W jazzie loża szyderców jest ogromna. Nie ma takiego gatunku, gdzie by była tak rozbudowana loża szyderców. Jeśli jakikolwiek jazzman nagra płytę, o której trochę głośniej słychać, to cała reszta jazzmanów rzuca się na niego i próbuje go podgryzać. W moim przypadku też tak będzie. Zapraszam lożę szyderców na koncerty, tylko muszą sobie bilet kupić (śmiech).
Kto cię będzie podgryzał?
Saksofoniści. Tak myślę, że saksofoniści mnie będą podgryzać.
Myślę, że duża część branży, twoich odbiorców nie uwierzy, że Maleńczuk idzie w jazz i zostawia to, co robił do tej pory?
Ja ciągle gram koncerty solowe. Mam taki diapazon – gram z gitarą bluesa, a potem z saksofonem jazz.
Nie boisz się, że ktoś powie, że to nie jest jazz?
Nie boję się, bo sam mówię, że to nie jest jazz. To bywa jazz i jest to jazz for idiots. Tylko niech mi ktoś powie, jaka jest charakterystyka jazzu, jego główna cecha. Kiedy on jest, kiedy go nie ma. Gdy Hancock nagrywał „Chameleona” mówili, że to nie jest jazz. Jak Davis nagrywał rockowe płyty to też mówili, że to nie jest jazz. Myślę, że nie ma reguły, czym jest jazz. Improwizacja jest wszędzie, nawet w popowych piosenkach jak u Eweliny Lisowskiej.
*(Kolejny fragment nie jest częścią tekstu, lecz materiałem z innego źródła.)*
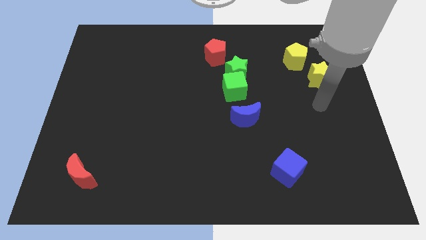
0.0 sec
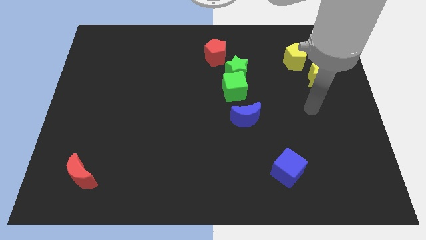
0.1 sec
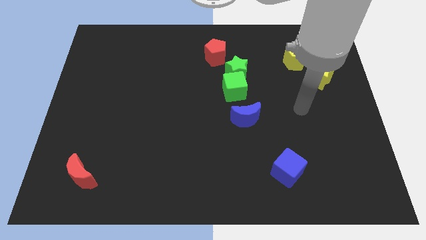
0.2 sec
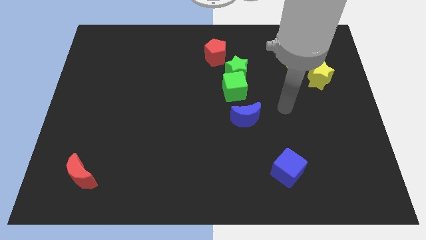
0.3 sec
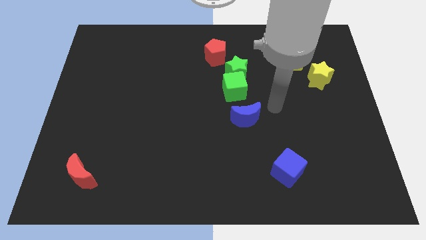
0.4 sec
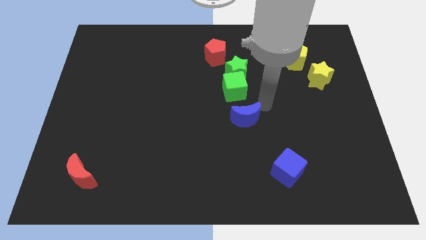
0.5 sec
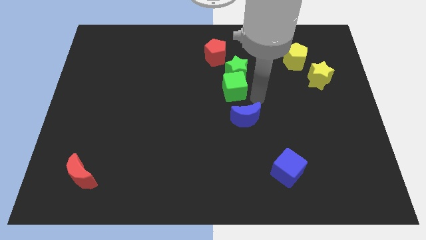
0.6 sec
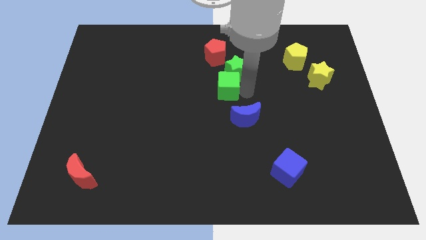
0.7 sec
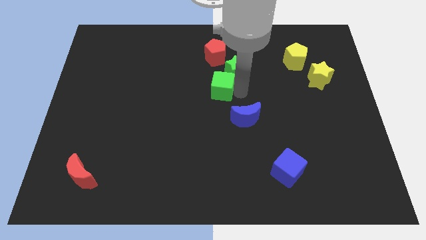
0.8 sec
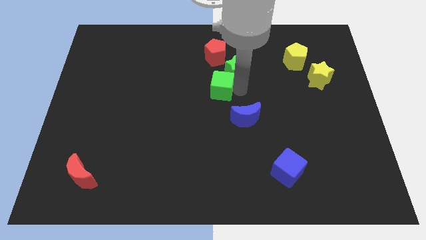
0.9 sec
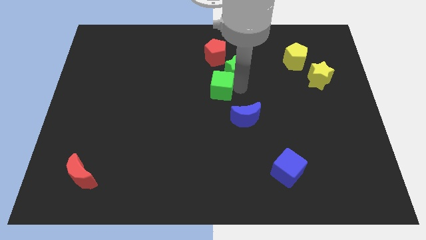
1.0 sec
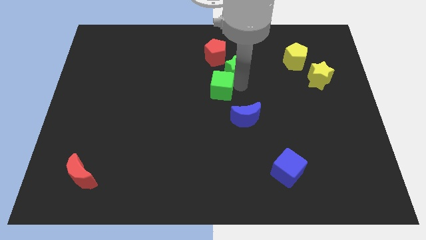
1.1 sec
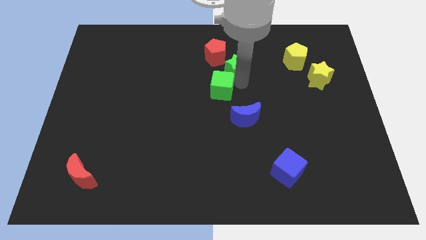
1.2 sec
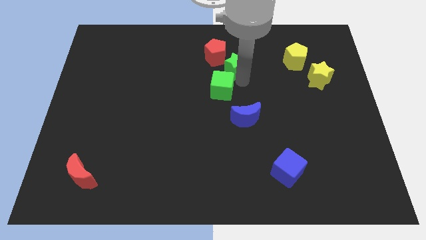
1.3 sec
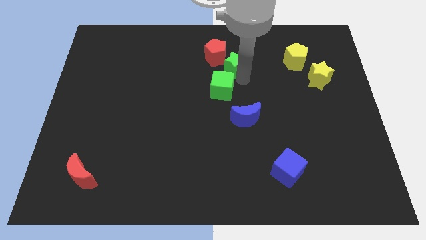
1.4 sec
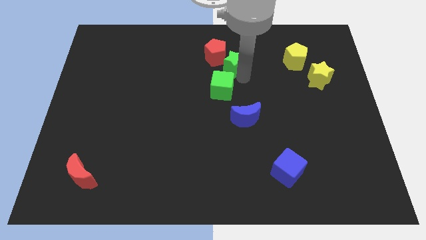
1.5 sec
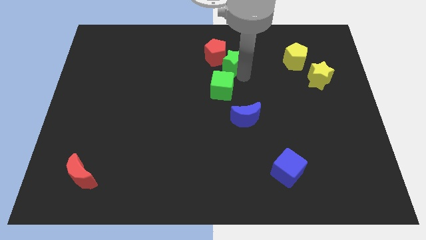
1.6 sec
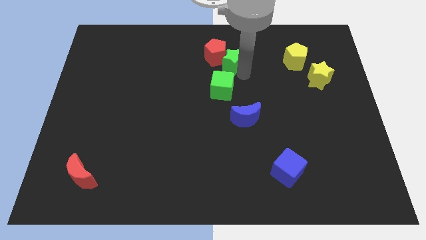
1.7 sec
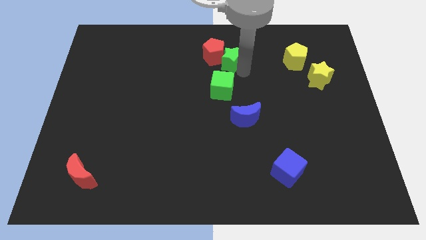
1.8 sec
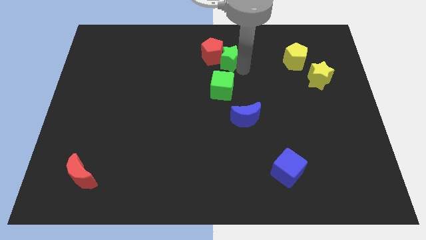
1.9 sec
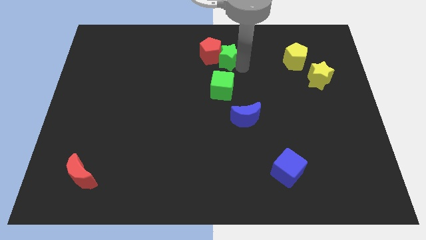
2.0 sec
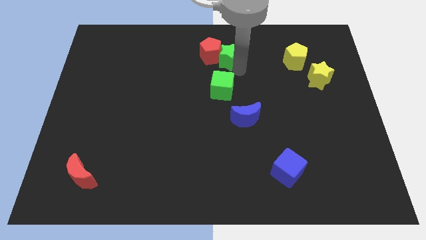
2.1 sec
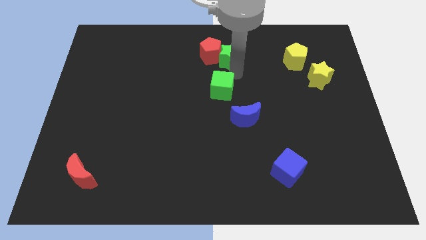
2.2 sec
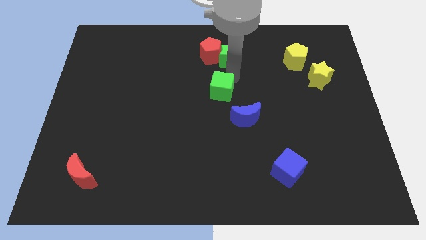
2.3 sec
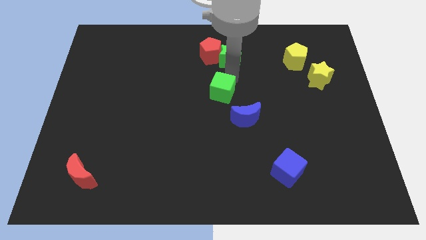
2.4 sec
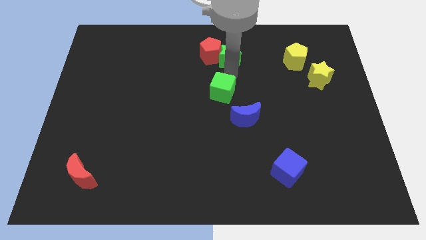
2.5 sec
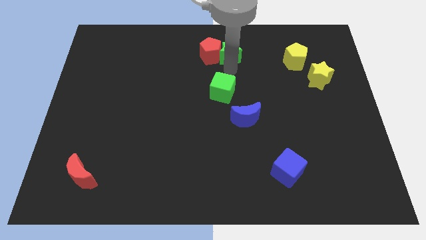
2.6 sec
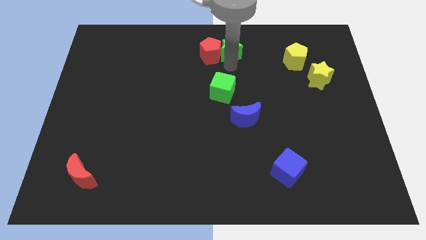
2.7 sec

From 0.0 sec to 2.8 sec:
put the green star to the top side

„Nigdy nie tresowałem kelnerów”
Jaka jeszcze jest twoja płyta?
Trzymamy się kilku zasad i nadal zamierzamy się ich trzymać. Temat musi być taki, żeby można było zanucić, po drugie krótka forma. Nie dłużej niż pięć minut. 2;50-3;20 tak mi się podoba. Zakaz długich solówek. Wszyscy grają maksymalnie po 16 taktów. W te trzy minuty można włożyć cztery sola, temat początkowy, rozwijającą kodę. Jedyne co wydłuża piosenkę to tekst, więc wywalmy tekst.
Mniej słów, więcej muzyki?
Śpiewam w trzech, może czterech utworach. W jednym wyję jak potępiony.
Da się tak samego siebie ujarzmić, żeby mało śpiewać?
To nie jest ujarzmienie, to jest wyzwolenie. Mając saksofon w ręku, wyzwalam się. Nie zaśpiewam tak szybko, jak mogę zagrać na nim. Wokalista zawsze zboczy z trasy, a saksofon nie zboczy.
To chyba nie saksofon, a saksofony, bo nie grasz na jednym instrumencie?
Gram na sopranie, alcie i tenorze. Każdy z tych saksofonów ma inną charakterystykę. Na sopranie dobrze się gra melodie szybkie, agresywne, awangardujące. Na alcie okrągłe, piękne. A na tenorze bluesa, jazz, rock. Tenor jest hałaśliwy, pierdzący.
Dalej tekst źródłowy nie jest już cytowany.